I don't know what to say other than thank you for your part in the rescue of these animals.


----------



## Suz & the Fluffs (Mar 11, 2006)

Wow she skinny. But adorable. I'm happy that shes with you now. Do you still have that beautiful Maltese Chelsey? She is way too cute and I know someone who is looking to rescue a Maltese...not myself though.


----------



## Bonnie's Mommie (Mar 2, 2006)

That poor little darling - I'm speechless too. You're wonderful for helping these defenseless beings. I hope that person rots in he##.


----------



## I found nemo (Feb 23, 2006)

That just made me cry. How is it someone, anyone could stand by and watch her everyday and not feed her. I can't believe people like this are in this world. I thank you from my heart. That is just terrible.. I wish I could look into that persons eyes, there is no way they have a soul..

Andrea~


----------



## kab (Apr 11, 2005)

> Wow she skinny. But adorable. I'm happy that shes with you now. Do you still have that beautiful Maltese Chelsey? She is way too cute and I know someone who is looking to rescue a Maltese...not myself though.[/B]
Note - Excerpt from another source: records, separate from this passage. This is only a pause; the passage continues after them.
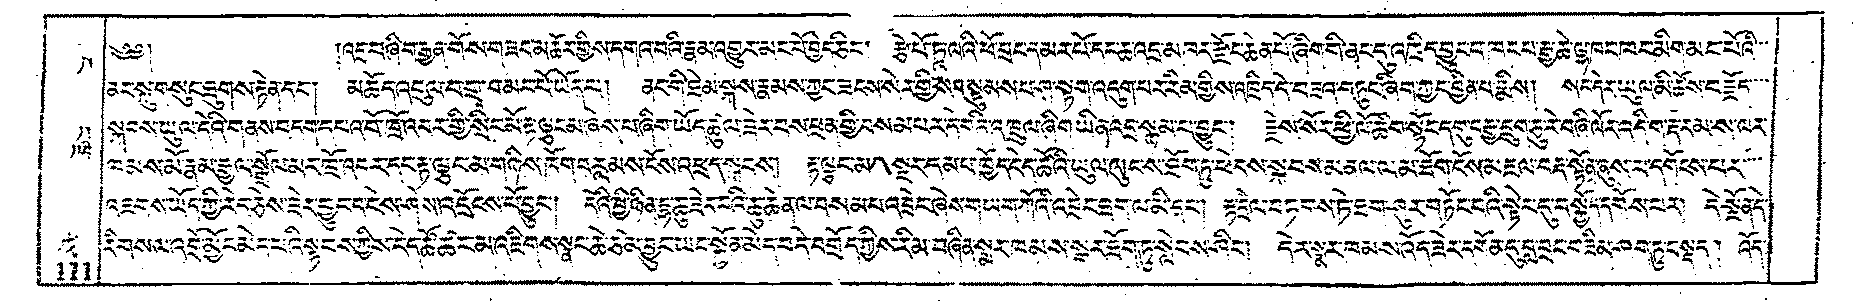༄༅། །འདྲ་བཞིག་རྒྱན་གོས་གཟབ་མཆོར་གྱིས་དགའ་བའི་རྣམ་འགྱུར་མང་པོ་བྱེད་ཅིང་། རྩེ་པོ་ཏཱ་ལའི་ཕོ་བྲང་དམར་པོ་དང་ཆ་འདྲ་མཁར་རྫོང་ཆེན་པོ་ཞིག་གི་ནང་དུ་འཁྲིད་བྱུང་བ་ཁང་པ་རྒྱ་ཆེ་ལྷ་ཁང་ཁང་མིག་མང་པོའི་
ནང་སྐུ་གསུང་ཐུགས་རྟེན་དང་། མཆོད་འབུལ་བ་གྲྭ་བ་མང་པོ་ཡོད་པ། ནང་གི་ཐེམ་སྐས་རྣམས་ཀྱང་ཟངས་སེར་གྱིས་བསྟུམས་པ་ཤ་སྟག་འདུག་པར་རིམ་གྱིས་འཁྲིད་དེ་བཟའ་བཏུང་ཞིག་ཀྱང་བྱིན་པ་རྨིས། སང་དེར་ཡུལ་མི་ཚོས་བརྗོད་
སྐབས་ཡུལ་དེའི་གནས་བདག་དཔའ་བོ་ཁྲོ་འབར་གྱི་སྲིང་མོ་རྟ་ལྕང་མ་ཞེས་པ་ཞིག་ཡོད་ཚུལ་ཟེར་བས་ཕྲན་གྱི་བསམ་པར་དེ་གའི་འཁྲུལ་ཞིག་ཡིན་འདྲ་སྙམ་པ་བྱུང་། རྗེས་སོར་ཕྱི་ལོ་ཆིག་སྟོང་དགུ་བརྒྱ་དྲུག་ཅུ་རེ་བཞི་ལོར་འདི་ག་རྡ་རམ་ས་ལར་
ཁམས་མོ་རྣམ་རྒྱལ་སྒྲོལ་མར་ཁྲོ་འབར་དང་རྟ་ལྕང་མ་གཉིས་ཁོག་བརླམས་ངོས་འཕྲད་སྐབས། རྟ་ལྕང་མ་སྔར་དམ་པ་ཁྱོད་ངེད་ཚོའི་ཡུལ་ལུང་ས་ཐོག་ཏུ་ཕེབས་སྐབས་མནལ་ལམ་ཐོག་ངོས་མཇལ་བརྡ་སྟོན་ཞུས་པ་དགོངས་པར་
འཇགས་ཡོད་ཀྱི་རེད་ཅེས་ཟེར་བྱུང་བ་ངེས་ཤེས་འདྲོངས་པོ་བྱུང་། དེའི་ཕྱི་ཉིན་དྷ་ཆུ་ཟེར་བའི་ཆུ་ཆེན་ལ་བསམ་པ་འབྲེང་ཞེས་གཡག་ཀོའི་འབྲེང་ཐག་ལ་མི་དང་། རྟ་དྲེལ་བཏགས་ཏེ་ཐག་ཤུར་གཏོང་བའི་སྟེང་དུ་བསྐྱོད་དགོས་པར། དེ་སྔོན་དེ་
རིགས་ལ་འགྲོ་མྱོང་མེད་པའི་སྟབས་ཀྱིས་ངེད་ཚོ་ཚང་མ་འཇིགས་སྣང་ཆེ་ཙམ་བྱུང་ཡང་སྐྱོན་མེད་བདེ་བགྲོད་ཀྱིས་རིམ་བཞིན་སྨར་ཁམས་སྒར་ཐོག་ཏུ་སླེབས་ཤིང་། དེར་སྨར་ཁམས་འོད་ཟེར་དགོན་དུ་བླ་བྲང་གཟིམ་ཤག་ཏུ་བསྡད། འོད་

Chelsey got adopted by a member of SM. She posted about it a while back. She also has Rudy. Remember?


----------



## Suz & the Fluffs (Mar 11, 2006)

> QUOTE(Mom_to_Princess_Bella @ Aug 13 2006, 10:30 PM) index.php?act=findpost&pid=238363


<div class='quotemain'>
Hmm nope. I miss all the good stuff. I don't even know who Ruby is?


----------



## kab (Apr 11, 2005)

> That just made me cry. How is it someone, anyone could stand by and watch her everyday and not feed her. I can't believe people like this are in this world. I thank you from my heart. That is just terrible.. I wish I could look into that persons eyes, there is no way they have a soul..
> 
> Andrea~[/B]


I was not at the site, but one of the other girls told me that the lady was so casual. There was a dead dog in the pen next to some she was getting out and she never even acknowledged it. I think she was crazy.
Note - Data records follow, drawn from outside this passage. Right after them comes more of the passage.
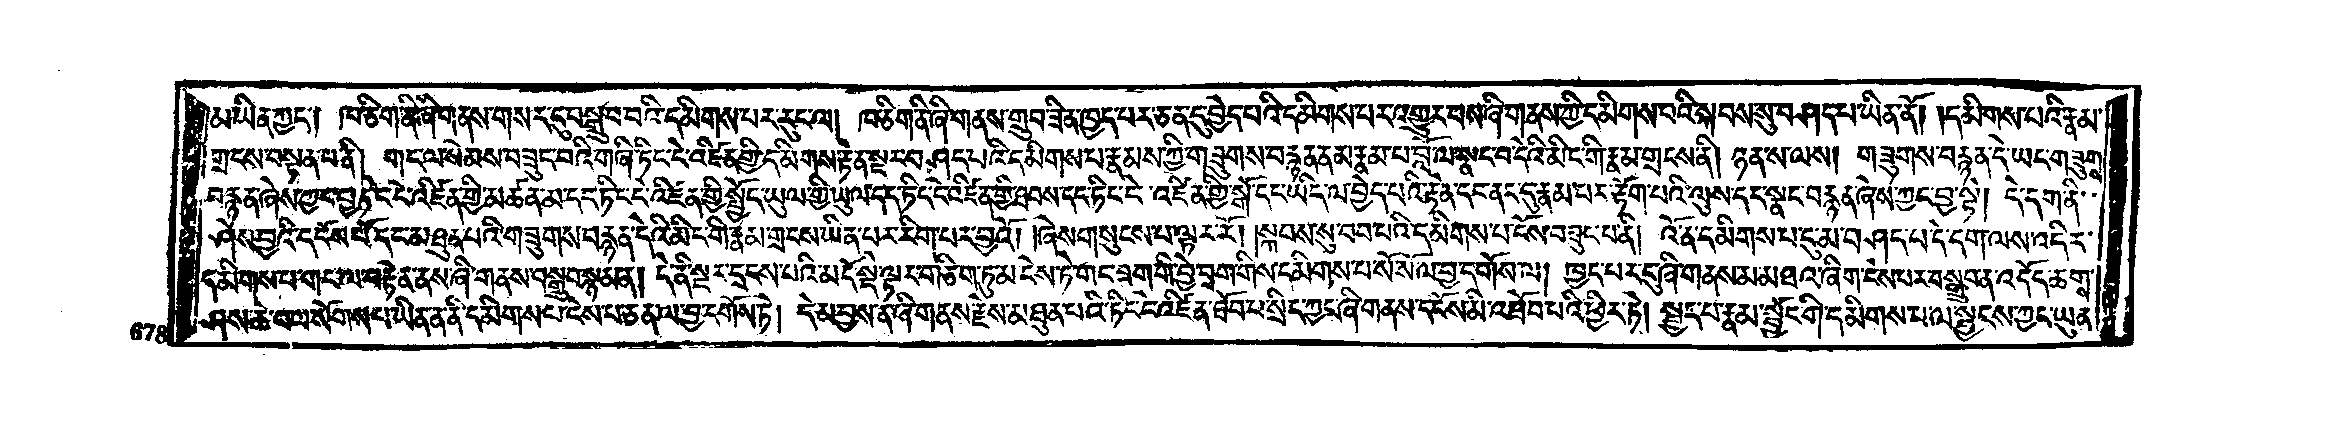མ་ཡིན་ཀྱང་། ཁ་ཅིག་ནི་ཞི་གནས་གསར་དུ་བསྒྲུབ་པའི་དམིགས་པར་རུང་ལ། ཁ་ཅིག་ནི་ཞི་གནས་གྲུབ་ཟིན་ཁྱད་པར་ཅན་དུ་བྱེད་པའི་དམིགས་པར་འགྱུར་བས་ཞི་གནས་ཀྱི་དམིགས་པའི་སྐབས་སུ་བཤད་པ་ཡིན་ནོ། །དམིགས་པའི་རྣམ་
གྲངས་བསྟན་པ་ནི། གང་ལ་སེམས་བཟུང་བའི་གཞི་ཏིང་ངེ་འཛིན་གྱི་དམིགས་རྟེན་སྔར་བཤད་པའི་དམིགས་པ་རྣམས་ཀྱི་གཟུགས་བརྙན་ནམ་རྣམ་པ་བློ་ལ་སྣང་བ་དེའི་མིང་གི་རྣམ་གྲངས་ནི། ཉན་ས་ལས། གཟུགས་བརྙན་དེ་ཡང་གཟུགས་
བརྙན་ཞེས་ཀྱང་བྱ་ཏིང་ངེ་འཛིན་གྱི་མཚན་མ་དང་ཏིང་ངེ་འཛིན་གྱི་སྤྱོད་ཡུལ་གྱི་ཡུལ་དང་ཏིང་ངེ་འཛིན་གྱི་ཐབས་དང་ཏིང་ངེ་འཛིན་གྱི་སྒོ་དང་ཡིད་ལ་བྱེད་པའི་རྟེན་དང་ནང་དུ་རྣམ་པར་རྟོག་པའི་ལུས་དང་སྣང་བརྙན་ཞེས་ཀྱང་བྱ་སྟེ། དེ་དག་ནི་
ཤེས་བྱའི་དངོས་པོ་དང་མཐུན་པའི་གཟུགས་བརྙན་དེའི་མིང་གི་རྣམ་གྲངས་ཡིན་པར་རིག་པར་བྱའོ། །ཞེས་གསུངས་པ་ལྟར་རོ། །སྐབས་སུ་བབ་པའི་དམིགས་པ་ངོས་བཟུང་བ་ནི། འོ་ན་དམིགས་པ་དུ་མ་བཤད་པ་དེ་དག་ལས་འདིར་
དམིགས་པ་གང་ལ་བརྟེན་ནས་ཞི་གནས་བསྒྲུབ་སྙམ་ན། དེ་ནི་སྔར་དྲངས་པའི་མདོ་སྡེ་ལྟར་གཅིག་ཏུ་མ་ངེས་ཏེ་གང་ཟག་གི་བྱེ་བྲག་གིས་དམིགས་བ་སོ་སོ་ལ་བྱ་དགོས་ལ། ཁྱད་པར་དུ་ཞི་གནས་མ་མཐའ་ཞིག་ངེས་པར་བསྒྲུབ་ན་འདོད་ཆགས་
ཤས་ཆེ་བ་ལ་སོགས་པ་ཡིན་ན་ནི་དམིགས་པ་ངེས་པ་ཅན་ལ་བྱ་དགོས་ཏེ། དེ་མ་བྱས་ན་ཞི་གནས་རྗེས་མཐུན་པའི་ཏིང་ངེ་འཛིན་ཐོབ་པ་སྲིད་ཀྱང་ཞི་གནས་དངོས་མི་འཐོབ་པའི་ཕྱིར་ཏེ། སྤྱད་པ་རྣམ་སྦྱོང་གི་དམིགས་པ་ལ་སྦྱངས་ཀྱང་ཡུན་

> QUOTE(kab @ Aug 13 2006, 10:34 PM) index.php?act=findpost&pid=238368


<div class='quotemain'>


> Hmm nope. I miss all the good stuff. I don't even know who Ruby is?
> [/B]


Rudy's mom is Lonestar. She has been posting about Rudy having the luxating patellas. Sorry, I don't know if I spelled it correctly.


----------



## Suz & the Fluffs (Mar 11, 2006)

> > index.php?act=findpost&pid=238365
> 
> 
> <div class='quotemain'>
> ...


I was not at the site, but one of the other girls told me that the lady was so casual. There was a dead dog in the pen next to some she was getting out and she never even acknowledged it. I think she was crazy.

<span style="color:#000000">Oh that Ruby...duh...yeah I know her. I'm sorry I'm not always this dumb.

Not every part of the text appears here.